As I left the house next morning with the local Communist secretary I saw an obvious Special Branch man standing just a few yards away. When we moved off he followed. He made no attempt to cover himself, just plunged after us some five yards or so behind. We then decided to part to establish which of us he was interested in. If he continued to follow me, I was to inform the secretary by telephone and cut short our programme of activities for the day.


He did continue to follow me. After about an hour of this shadowed progress, I went to keep an appointment with a young lady whom I had been on friendly terms with before I left the Navy. After all, Devonport was my port division and in my dancing days I had made quite a number of friends. When we met I pointed out my unsolicited bodyguard and described what had been happening. She clapped her hands with excitement. `How wonderful!` she said, `Let’s go everywhere and see if he comes after us.` We walked round every floor of the local Selfridges, examining goods in every department; so did he. From there we went to a continuous performance cinema; he sat just behind. From there to a tea shop; he came in too. And everywhere the three of us went he kept the same distance, as if he had been instructed never to let the space between us by any more or less than five yards.

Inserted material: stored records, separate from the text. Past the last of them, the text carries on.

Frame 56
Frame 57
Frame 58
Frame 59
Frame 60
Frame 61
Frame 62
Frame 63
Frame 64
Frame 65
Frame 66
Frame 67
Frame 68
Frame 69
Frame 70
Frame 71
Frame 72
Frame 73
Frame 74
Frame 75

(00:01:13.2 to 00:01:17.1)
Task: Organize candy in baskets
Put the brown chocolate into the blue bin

At about 6 pm I parted with my friend, promising to be at her house that evening. I turned down a narrow street running parallel to the main street in Plymouth, and there, by a pub, I saw Gentry, approaching me from the side, with his head down, as if this were an accidental meeting. He greeted me effusively, nodded at the pub door and suggested taking a glass of beer. I did not refuse. I was getting only seventeen and sixpence from the state, so why not add a few state coppers to the total, if only in kind? It was over this state-paid glass of beer that the real conspiracy began. Looking round with the exaggerated secrecy of a ham actor, Gentry squeezed out of one side of his mouth the words, `If you have any leaflets or anything to distribute in the barracks, give them to me. I’ll get them in for you`.


`OK,` I said, looking round in the same ham actor manner. `There’s a piss house across the street. Let’s nip over there and we can talk.` It was empty when we came in, but the clump of heavy boots dashing up to the entrance stopped me socking Gentry and landing him right in the excrement. I told him to go to his ailing mother, and walked out alone; but the tail still stuck. However, by means of the old motorbus switch, which was very easy in Plymouth then, I lost him and spent a pleasant evening in delightful company.

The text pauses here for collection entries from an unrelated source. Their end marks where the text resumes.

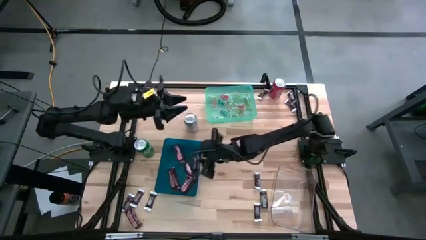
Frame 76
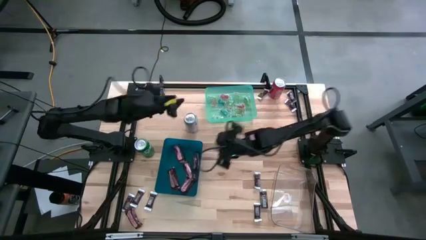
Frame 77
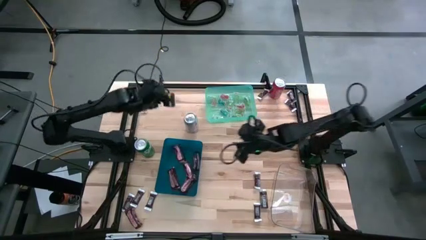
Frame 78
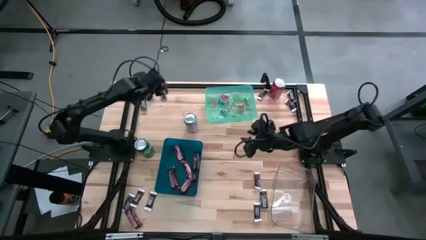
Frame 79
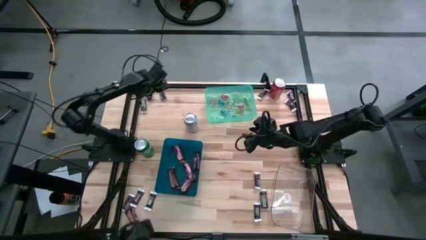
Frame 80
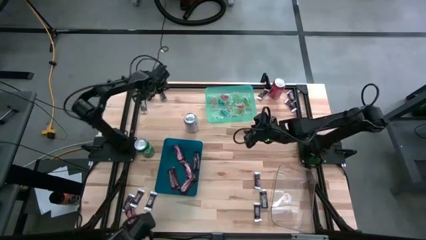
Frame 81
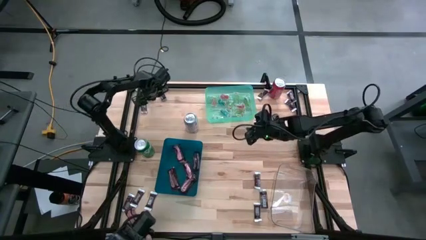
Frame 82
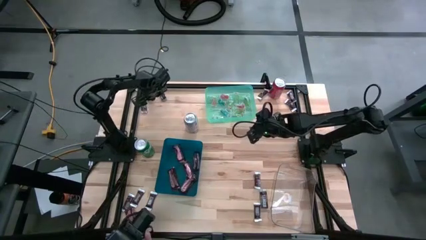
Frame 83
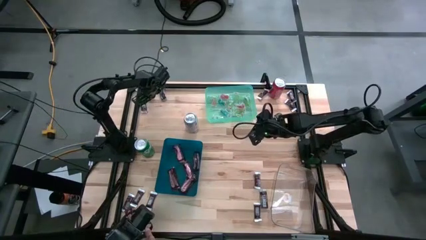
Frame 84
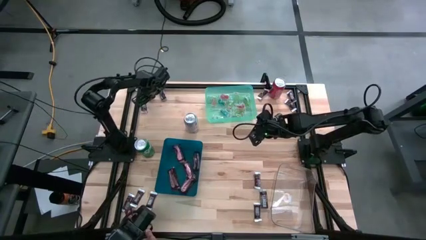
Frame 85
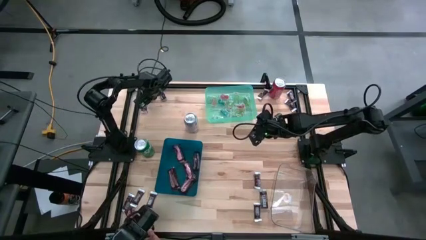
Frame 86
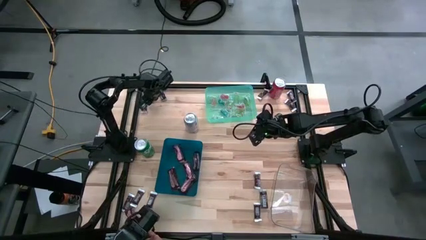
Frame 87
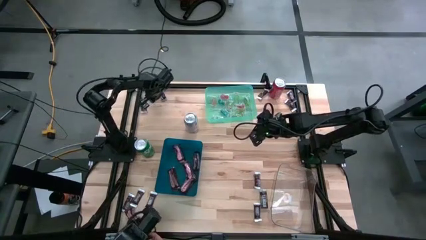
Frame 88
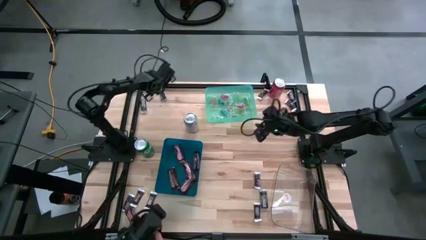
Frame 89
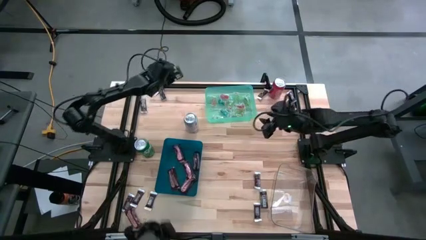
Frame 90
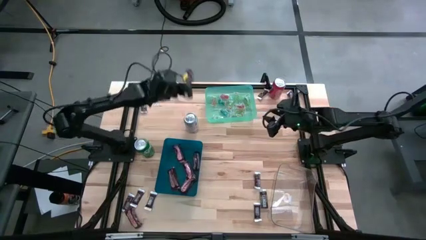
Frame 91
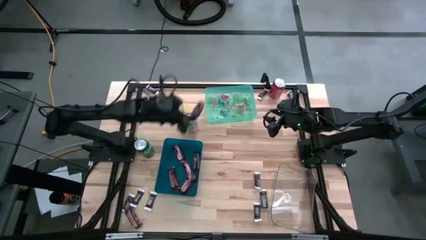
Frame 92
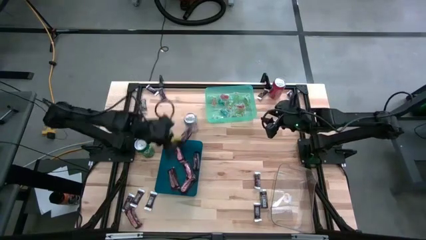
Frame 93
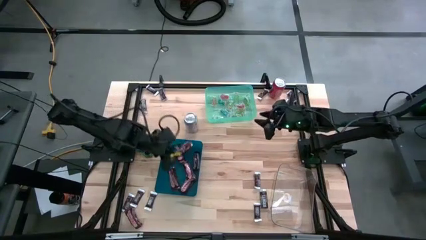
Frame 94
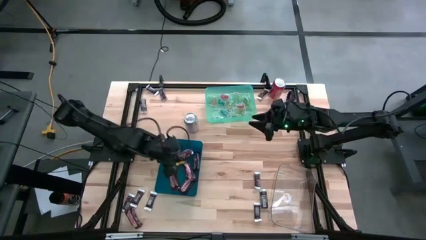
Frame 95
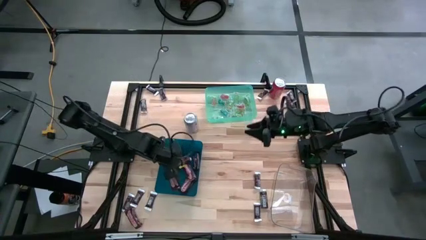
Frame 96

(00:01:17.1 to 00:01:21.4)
Put the brown chocolate into the blue bin

So Terence Gentry, deserter, small-time crook, whoremonger and syphilitic, went down in the annals of naval history as `Mr X`, an undercover, ocean-going James Bond, who exposed to the British Secret Service the nefarious plot of Wincott. I have perhaps devoted a lot of time and space to a figure who did not even rate the honour of being burnt on a bonfire on the Fifth of November. But he is an example of the sources of information the Admiralty were prepared to use in the panic caused by Invergordon.